**EXERCISE**
Even the shortest line counts, so transcribe all the data exactly.

□ □ □ □ □ □ □

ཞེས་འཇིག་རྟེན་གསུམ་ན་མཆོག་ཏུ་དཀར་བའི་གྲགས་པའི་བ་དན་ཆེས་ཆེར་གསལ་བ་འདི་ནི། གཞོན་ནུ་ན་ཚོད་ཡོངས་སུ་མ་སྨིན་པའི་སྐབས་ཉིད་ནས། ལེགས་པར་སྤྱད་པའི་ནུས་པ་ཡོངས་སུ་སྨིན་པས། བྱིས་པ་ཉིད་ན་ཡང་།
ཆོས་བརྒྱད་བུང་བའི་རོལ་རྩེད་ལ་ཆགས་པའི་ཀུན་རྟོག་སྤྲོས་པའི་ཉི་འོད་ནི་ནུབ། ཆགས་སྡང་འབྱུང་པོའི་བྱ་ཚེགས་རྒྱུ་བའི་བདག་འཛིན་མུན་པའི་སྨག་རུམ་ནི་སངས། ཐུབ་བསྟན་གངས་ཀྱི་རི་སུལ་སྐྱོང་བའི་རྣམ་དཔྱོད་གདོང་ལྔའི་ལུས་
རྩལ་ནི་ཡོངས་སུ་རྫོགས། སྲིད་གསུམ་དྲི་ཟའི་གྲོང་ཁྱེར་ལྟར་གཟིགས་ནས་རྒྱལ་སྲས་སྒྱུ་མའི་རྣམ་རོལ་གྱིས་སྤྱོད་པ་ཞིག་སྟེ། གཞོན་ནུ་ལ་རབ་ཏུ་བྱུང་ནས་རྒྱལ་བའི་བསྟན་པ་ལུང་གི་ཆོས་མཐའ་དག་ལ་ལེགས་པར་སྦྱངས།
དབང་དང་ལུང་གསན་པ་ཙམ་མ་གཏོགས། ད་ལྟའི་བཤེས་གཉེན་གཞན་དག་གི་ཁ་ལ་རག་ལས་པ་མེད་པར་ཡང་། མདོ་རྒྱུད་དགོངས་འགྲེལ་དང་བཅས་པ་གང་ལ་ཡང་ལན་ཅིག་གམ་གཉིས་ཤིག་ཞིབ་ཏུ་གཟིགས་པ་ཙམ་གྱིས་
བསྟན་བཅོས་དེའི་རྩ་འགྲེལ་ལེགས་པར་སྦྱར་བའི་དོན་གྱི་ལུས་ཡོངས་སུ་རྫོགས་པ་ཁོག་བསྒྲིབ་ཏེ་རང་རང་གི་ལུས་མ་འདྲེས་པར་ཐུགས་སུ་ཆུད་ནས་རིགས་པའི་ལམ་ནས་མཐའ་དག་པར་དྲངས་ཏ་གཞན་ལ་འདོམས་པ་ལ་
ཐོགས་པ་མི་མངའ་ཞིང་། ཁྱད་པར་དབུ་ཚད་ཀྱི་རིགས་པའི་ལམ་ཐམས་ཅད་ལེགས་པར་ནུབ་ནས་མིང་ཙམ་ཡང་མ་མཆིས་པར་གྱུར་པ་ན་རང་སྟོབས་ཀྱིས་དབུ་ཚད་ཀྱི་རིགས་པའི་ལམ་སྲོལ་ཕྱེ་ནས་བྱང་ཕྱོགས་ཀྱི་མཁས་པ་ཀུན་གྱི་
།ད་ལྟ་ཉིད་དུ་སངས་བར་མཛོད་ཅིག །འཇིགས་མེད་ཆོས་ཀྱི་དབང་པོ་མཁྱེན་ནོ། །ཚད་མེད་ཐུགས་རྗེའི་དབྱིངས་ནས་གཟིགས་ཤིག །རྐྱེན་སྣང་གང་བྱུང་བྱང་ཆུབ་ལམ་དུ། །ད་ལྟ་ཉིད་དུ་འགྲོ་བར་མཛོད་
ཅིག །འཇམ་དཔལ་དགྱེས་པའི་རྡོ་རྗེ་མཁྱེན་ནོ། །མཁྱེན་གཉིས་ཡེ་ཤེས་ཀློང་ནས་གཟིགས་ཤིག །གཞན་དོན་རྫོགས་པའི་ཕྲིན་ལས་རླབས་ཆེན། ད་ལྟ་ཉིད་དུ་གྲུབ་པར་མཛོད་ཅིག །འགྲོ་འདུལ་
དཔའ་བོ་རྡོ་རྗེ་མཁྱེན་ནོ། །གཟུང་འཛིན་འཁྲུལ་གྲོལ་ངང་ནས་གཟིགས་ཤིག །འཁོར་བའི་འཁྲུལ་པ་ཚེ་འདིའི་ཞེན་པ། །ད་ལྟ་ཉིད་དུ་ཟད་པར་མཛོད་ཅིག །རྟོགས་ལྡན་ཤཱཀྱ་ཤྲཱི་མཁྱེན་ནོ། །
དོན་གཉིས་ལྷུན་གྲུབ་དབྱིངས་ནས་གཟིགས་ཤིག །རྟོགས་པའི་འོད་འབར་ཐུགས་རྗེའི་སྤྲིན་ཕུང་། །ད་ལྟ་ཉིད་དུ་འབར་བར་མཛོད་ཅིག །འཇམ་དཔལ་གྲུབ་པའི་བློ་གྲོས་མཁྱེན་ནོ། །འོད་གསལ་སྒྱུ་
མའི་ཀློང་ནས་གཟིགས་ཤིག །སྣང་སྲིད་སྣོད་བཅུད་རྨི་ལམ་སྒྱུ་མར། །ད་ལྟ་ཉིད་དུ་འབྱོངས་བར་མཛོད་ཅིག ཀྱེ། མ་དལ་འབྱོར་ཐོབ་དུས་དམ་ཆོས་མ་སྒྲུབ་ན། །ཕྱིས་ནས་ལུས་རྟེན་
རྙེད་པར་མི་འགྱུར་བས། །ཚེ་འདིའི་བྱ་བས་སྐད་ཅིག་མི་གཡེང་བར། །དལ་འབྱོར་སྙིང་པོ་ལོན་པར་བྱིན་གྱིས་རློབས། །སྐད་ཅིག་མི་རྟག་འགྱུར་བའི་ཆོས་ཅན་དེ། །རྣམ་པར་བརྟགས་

□ □ □ □ □ □ □

**ANSWER BELOW**
ཞེས་འཇིག་རྟེན་གསུམ་ན་མཆོག་ཏུ་དཀར་བའི་གྲགས་པའི་བ་དན་ཆེས་ཆེར་གསལ་བ་འདི་ནི། གཞོན་ནུ་ན་ཚོད་ཡོངས་སུ་མ་སྨིན་པའི་སྐབས་ཉིད་ནས། ལེགས་པར་སྤྱད་པའི་ནུས་པ་ཡོངས་སུ་སྨིན་པས། བྱིས་པ་ཉིད་ན་ཡང་།
ཆོས་བརྒྱད་བུང་བའི་རོལ་རྩེད་ལ་ཆགས་པའི་ཀུན་རྟོག་སྤྲོས་པའི་ཉི་འོད་ནི་ནུབ། ཆགས་སྡང་འབྱུང་པོའི་བྱ་ཚེགས་རྒྱུ་བའི་བདག་འཛིན་མུན་པའི་སྨག་རུམ་ནི་སངས། ཐུབ་བསྟན་གངས་ཀྱི་རི་སུལ་སྐྱོང་བའི་རྣམ་དཔྱོད་གདོང་ལྔའི་ལུས་
རྩལ་ནི་ཡོངས་སུ་རྫོགས། སྲིད་གསུམ་དྲི་ཟའི་གྲོང་ཁྱེར་ལྟར་གཟིགས་ནས་རྒྱལ་སྲས་སྒྱུ་མའི་རྣམ་རོལ་གྱིས་སྤྱོད་པ་ཞིག་སྟེ། གཞོན་ནུ་ལ་རབ་ཏུ་བྱུང་ནས་རྒྱལ་བའི་བསྟན་པ་ལུང་གི་ཆོས་མཐའ་དག་ལ་ལེགས་པར་སྦྱངས།
དབང་དང་ལུང་གསན་པ་ཙམ་མ་གཏོགས། ད་ལྟའི་བཤེས་གཉེན་གཞན་དག་གི་ཁ་ལ་རག་ལས་པ་མེད་པར་ཡང་། མདོ་རྒྱུད་དགོངས་འགྲེལ་དང་བཅས་པ་གང་ལ་ཡང་ལན་ཅིག་གམ་གཉིས་ཤིག་ཞིབ་ཏུ་གཟིགས་པ་ཙམ་གྱིས་
བསྟན་བཅོས་དེའི་རྩ་འགྲེལ་ལེགས་པར་སྦྱར་བའི་དོན་གྱི་ལུས་ཡོངས་སུ་རྫོགས་པ་ཁོག་བསྒྲིབ་ཏེ་རང་རང་གི་ལུས་མ་འདྲེས་པར་ཐུགས་སུ་ཆུད་ནས་རིགས་པའི་ལམ་ནས་མཐའ་དག་པར་དྲངས་ཏ་གཞན་ལ་འདོམས་པ་ལ་
ཐོགས་པ་མི་མངའ་ཞིང་། ཁྱད་པར་དབུ་ཚད་ཀྱི་རིགས་པའི་ལམ་ཐམས་ཅད་ལེགས་པར་ནུབ་ནས་མིང་ཙམ་ཡང་མ་མཆིས་པར་གྱུར་པ་ན་རང་སྟོབས་ཀྱིས་དབུ་ཚད་ཀྱི་རིགས་པའི་ལམ་སྲོལ་ཕྱེ་ནས་བྱང་ཕྱོགས་ཀྱི་མཁས་པ་ཀུན་གྱི་
།ད་ལྟ་ཉིད་དུ་སངས་བར་མཛོད་ཅིག །འཇིགས་མེད་ཆོས་ཀྱི་དབང་པོ་མཁྱེན་ནོ། །ཚད་མེད་ཐུགས་རྗེའི་དབྱིངས་ནས་གཟིགས་ཤིག །རྐྱེན་སྣང་གང་བྱུང་བྱང་ཆུབ་ལམ་དུ། །ད་ལྟ་ཉིད་དུ་འགྲོ་བར་མཛོད་
ཅིག །འཇམ་དཔལ་དགྱེས་པའི་རྡོ་རྗེ་མཁྱེན་ནོ། །མཁྱེན་གཉིས་ཡེ་ཤེས་ཀློང་ནས་གཟིགས་ཤིག །གཞན་དོན་རྫོགས་པའི་ཕྲིན་ལས་རླབས་ཆེན། ད་ལྟ་ཉིད་དུ་གྲུབ་པར་མཛོད་ཅིག །འགྲོ་འདུལ་
དཔའ་བོ་རྡོ་རྗེ་མཁྱེན་ནོ། །གཟུང་འཛིན་འཁྲུལ་གྲོལ་ངང་ནས་གཟིགས་ཤིག །འཁོར་བའི་འཁྲུལ་པ་ཚེ་འདིའི་ཞེན་པ། །ད་ལྟ་ཉིད་དུ་ཟད་པར་མཛོད་ཅིག །རྟོགས་ལྡན་ཤཱཀྱ་ཤྲཱི་མཁྱེན་ནོ། །
དོན་གཉིས་ལྷུན་གྲུབ་དབྱིངས་ནས་གཟིགས་ཤིག །རྟོགས་པའི་འོད་འབར་ཐུགས་རྗེའི་སྤྲིན་ཕུང་། །ད་ལྟ་ཉིད་དུ་འབར་བར་མཛོད་ཅིག །འཇམ་དཔལ་གྲུབ་པའི་བློ་གྲོས་མཁྱེན་ནོ། །འོད་གསལ་སྒྱུ་
མའི་ཀློང་ནས་གཟིགས་ཤིག །སྣང་སྲིད་སྣོད་བཅུད་རྨི་ལམ་སྒྱུ་མར། །ད་ལྟ་ཉིད་དུ་འབྱོངས་བར་མཛོད་ཅིག ཀྱེ། མ་དལ་འབྱོར་ཐོབ་དུས་དམ་ཆོས་མ་སྒྲུབ་ན། །ཕྱིས་ནས་ལུས་རྟེན་
རྙེད་པར་མི་འགྱུར་བས། །ཚེ་འདིའི་བྱ་བས་སྐད་ཅིག་མི་གཡེང་བར། །དལ་འབྱོར་སྙིང་པོ་ལོན་པར་བྱིན་གྱིས་རློབས། །སྐད་ཅིག་མི་རྟག་འགྱུར་བའི་ཆོས་ཅན་དེ། །རྣམ་པར་བརྟགས་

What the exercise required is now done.